### Data for this task ###

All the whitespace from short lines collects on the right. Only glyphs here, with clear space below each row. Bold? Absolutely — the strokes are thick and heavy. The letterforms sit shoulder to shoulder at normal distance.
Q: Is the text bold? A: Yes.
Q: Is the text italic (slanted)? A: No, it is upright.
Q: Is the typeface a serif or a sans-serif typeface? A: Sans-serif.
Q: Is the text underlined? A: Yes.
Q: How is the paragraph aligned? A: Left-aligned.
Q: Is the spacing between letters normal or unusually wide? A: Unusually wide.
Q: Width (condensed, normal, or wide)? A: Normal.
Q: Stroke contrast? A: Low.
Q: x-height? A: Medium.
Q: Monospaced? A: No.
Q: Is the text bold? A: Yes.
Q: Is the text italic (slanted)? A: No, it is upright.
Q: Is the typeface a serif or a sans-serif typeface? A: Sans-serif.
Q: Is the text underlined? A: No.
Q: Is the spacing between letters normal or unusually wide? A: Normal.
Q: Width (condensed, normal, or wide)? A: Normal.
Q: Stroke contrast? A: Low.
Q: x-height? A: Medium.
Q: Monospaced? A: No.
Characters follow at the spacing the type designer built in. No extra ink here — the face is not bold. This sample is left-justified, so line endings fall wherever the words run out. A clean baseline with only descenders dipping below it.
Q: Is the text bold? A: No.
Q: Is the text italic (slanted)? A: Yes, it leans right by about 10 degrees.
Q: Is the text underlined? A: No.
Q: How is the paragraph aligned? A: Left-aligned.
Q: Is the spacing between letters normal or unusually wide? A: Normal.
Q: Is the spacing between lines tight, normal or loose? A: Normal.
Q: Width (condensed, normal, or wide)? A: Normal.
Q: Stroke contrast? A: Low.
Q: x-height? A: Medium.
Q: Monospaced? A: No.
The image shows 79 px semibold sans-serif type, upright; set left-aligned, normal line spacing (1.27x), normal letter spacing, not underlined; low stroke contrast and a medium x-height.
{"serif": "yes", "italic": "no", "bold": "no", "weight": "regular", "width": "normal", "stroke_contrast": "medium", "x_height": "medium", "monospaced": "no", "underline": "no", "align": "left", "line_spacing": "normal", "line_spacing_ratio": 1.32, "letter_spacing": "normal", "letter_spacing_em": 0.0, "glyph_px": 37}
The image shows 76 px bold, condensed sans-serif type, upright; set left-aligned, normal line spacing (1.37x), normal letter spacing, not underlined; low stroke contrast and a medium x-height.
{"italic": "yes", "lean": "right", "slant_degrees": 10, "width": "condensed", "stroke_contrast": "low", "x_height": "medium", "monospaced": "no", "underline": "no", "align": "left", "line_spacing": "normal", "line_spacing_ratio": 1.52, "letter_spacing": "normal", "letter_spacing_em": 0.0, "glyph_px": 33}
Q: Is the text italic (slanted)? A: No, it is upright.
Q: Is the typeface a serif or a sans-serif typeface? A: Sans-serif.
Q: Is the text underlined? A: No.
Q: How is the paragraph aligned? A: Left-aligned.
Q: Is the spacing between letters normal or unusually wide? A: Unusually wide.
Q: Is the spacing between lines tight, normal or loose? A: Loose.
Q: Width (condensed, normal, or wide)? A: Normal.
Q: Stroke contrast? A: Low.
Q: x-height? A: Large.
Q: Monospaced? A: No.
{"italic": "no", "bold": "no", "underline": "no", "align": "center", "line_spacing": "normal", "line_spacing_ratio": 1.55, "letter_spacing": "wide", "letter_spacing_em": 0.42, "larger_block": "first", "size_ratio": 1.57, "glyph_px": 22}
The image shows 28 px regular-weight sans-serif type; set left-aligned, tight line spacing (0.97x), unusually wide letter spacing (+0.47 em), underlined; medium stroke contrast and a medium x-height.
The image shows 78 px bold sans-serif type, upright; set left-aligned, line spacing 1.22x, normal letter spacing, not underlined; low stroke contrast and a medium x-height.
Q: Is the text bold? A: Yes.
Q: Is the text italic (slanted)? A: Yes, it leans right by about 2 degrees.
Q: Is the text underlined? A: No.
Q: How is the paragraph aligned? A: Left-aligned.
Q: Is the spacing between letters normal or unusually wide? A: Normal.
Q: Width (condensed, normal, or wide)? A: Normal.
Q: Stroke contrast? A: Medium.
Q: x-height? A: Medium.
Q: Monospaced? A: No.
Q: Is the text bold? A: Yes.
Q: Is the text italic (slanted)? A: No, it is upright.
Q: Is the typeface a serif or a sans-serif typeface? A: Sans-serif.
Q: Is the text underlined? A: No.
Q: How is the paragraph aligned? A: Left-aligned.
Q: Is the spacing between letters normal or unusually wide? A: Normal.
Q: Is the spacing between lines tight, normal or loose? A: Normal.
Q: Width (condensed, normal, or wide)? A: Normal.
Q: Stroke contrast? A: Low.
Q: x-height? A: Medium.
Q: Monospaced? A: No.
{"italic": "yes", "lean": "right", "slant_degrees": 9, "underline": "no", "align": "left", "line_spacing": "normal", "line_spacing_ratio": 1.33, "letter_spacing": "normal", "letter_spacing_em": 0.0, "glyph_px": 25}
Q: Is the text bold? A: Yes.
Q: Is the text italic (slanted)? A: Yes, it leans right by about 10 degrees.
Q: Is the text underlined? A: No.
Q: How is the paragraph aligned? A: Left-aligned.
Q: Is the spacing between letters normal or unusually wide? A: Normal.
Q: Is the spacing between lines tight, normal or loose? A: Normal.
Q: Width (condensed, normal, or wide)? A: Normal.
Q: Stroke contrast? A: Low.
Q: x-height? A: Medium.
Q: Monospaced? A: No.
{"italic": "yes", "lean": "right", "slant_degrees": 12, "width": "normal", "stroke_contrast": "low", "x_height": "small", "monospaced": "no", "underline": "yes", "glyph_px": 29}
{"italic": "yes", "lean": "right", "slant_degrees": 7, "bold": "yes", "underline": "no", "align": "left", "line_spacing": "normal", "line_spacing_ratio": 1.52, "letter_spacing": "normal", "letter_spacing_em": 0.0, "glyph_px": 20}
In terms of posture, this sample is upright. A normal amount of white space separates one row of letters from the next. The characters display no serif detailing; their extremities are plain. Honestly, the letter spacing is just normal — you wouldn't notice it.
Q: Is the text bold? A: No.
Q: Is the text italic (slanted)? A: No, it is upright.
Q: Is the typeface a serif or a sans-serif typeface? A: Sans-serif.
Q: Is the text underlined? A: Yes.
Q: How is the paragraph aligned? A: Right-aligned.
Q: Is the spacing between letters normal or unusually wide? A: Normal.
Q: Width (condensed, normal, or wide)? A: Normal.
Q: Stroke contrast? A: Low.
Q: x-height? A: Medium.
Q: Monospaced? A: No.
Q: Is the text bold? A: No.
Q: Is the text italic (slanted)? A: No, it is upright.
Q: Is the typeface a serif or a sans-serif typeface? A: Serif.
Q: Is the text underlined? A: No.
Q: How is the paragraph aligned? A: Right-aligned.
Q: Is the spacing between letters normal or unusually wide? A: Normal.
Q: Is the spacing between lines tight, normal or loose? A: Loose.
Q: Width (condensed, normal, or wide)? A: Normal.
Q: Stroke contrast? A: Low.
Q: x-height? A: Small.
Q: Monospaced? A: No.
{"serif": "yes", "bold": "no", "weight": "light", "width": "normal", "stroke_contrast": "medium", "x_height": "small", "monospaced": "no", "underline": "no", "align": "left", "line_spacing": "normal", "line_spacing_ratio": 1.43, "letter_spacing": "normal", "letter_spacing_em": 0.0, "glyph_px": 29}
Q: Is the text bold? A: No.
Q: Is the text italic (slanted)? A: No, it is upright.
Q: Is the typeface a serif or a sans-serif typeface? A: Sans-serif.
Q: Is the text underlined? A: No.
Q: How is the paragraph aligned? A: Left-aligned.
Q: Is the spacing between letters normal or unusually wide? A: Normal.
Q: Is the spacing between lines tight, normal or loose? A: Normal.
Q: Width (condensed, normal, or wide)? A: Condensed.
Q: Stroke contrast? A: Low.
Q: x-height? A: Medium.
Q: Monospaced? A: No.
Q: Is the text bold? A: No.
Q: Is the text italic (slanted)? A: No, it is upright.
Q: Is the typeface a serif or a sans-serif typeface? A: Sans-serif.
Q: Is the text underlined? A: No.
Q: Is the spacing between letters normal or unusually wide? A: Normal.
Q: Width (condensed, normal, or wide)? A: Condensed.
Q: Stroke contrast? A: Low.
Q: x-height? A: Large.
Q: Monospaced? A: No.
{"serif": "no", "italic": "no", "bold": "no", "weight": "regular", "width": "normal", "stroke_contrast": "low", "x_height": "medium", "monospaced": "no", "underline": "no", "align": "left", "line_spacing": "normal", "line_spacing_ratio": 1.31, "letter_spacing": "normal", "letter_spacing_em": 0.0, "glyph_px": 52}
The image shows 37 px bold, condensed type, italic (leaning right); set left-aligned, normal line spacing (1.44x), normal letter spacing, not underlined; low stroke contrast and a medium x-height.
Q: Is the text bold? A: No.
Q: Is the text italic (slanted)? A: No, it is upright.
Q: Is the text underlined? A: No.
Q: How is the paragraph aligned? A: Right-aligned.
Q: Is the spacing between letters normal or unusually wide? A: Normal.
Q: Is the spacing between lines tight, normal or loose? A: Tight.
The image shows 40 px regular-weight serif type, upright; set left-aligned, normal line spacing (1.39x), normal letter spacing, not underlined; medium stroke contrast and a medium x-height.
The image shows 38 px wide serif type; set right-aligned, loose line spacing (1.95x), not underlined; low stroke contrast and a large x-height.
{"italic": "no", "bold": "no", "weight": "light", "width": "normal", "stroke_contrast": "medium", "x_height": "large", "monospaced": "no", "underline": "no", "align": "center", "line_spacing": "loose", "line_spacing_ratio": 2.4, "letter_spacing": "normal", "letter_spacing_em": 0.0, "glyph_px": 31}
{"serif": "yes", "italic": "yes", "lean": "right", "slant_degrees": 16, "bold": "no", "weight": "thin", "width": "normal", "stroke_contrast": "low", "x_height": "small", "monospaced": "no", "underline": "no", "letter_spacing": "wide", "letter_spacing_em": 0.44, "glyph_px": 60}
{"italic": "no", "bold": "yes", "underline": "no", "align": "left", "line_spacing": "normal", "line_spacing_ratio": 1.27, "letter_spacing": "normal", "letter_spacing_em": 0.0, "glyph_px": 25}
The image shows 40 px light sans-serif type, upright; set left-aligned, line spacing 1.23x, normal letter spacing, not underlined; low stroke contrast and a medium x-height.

###

Among the lines of the preceding data, which ones hold the word "image"? List them.

Answer below
The image shows 79 px semibold sans-serif type, upright; set left-aligned, normal line spacing (1.27x), normal letter spacing, not underlined; low stroke contrast and a medium x-height.
The image shows 76 px bold, condensed sans-serif type, upright; set left-aligned, normal line spacing (1.37x), normal letter spacing, not underlined; low stroke contrast and a medium x-height.
The image shows 28 px regular-weight sans-serif type; set left-aligned, tight line spacing (0.97x), unusually wide letter spacing (+0.47 em), underlined; medium stroke contrast and a medium x-height.
The image shows 78 px bold sans-serif type, upright; set left-aligned, line spacing 1.22x, normal letter spacing, not underlined; low stroke contrast and a medium x-height.
The image shows 37 px bold, condensed type, italic (leaning right); set left-aligned, normal line spacing (1.44x), normal letter spacing, not underlined; low stroke contrast and a medium x-height.
The image shows 40 px regular-weight serif type, upright; set left-aligned, normal line spacing (1.39x), normal letter spacing, not underlined; medium stroke contrast and a medium x-height.
The image shows 38 px wide serif type; set right-aligned, loose line spacing (1.95x), not underlined; low stroke contrast and a large x-height.
The image shows 40 px light sans-serif type, upright; set left-aligned, line spacing 1.23x, normal letter spacing, not underlined; low stroke contrast and a medium x-height.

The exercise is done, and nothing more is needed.